My Wilson, so far, is bulletproof also. Absolutely no problems but hasn't had near the rounds through it that the Glock has. I also have a Kimber and I am having a few issues with it that I'm working through. Would I trust the Kimber as a carry weapon? Not at this point but most likely will when all the bugs get worked out.
I will (and do) carry my Glock. I trust it. I plan on carrying the Wilson after a few more rounds when my confidence level with it is on par with that of the Glock.
I'm not disputing what you are saying (my Kimber is proof) but there are still quality, reliable guns out there. Some get test fired a significant amount (Wilson) before they leave the shop. Sometimes you do get what you pay for.
Originally Posted by kpw
Yeah... scary, aint it? To be fair, when my mother owned the gun, it didn't get shot a lot. Couple hundred rounds in a year, maybe. It was her under-the-pillow gun (don't mess with my mom), and we had to pry it out of her hands to go give it a healthy workout a few times per year. I would call that "less than moderate" shooting.
Over the past 15 years, it went through significantly more use, and the spring was clearly in need of replacing. I just replaced it last month.

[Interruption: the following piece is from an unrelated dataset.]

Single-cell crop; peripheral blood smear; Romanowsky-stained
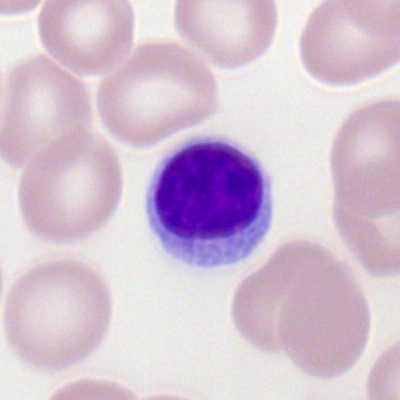
A lymphocyte.
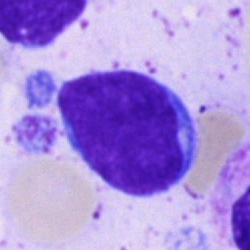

My mom wasn't too hip on handguns until my dad let her shoot that gun... She was scary accurate with it, and once she shot it, my dad never got it back. She would never consider another gun until arthritis made it too difficult to handle the 1911. It's an unusual gun (for a number of reasons) worthy of a thread of its own just because of a pretty neat story behind it. It's what gave me my love of old 1911's.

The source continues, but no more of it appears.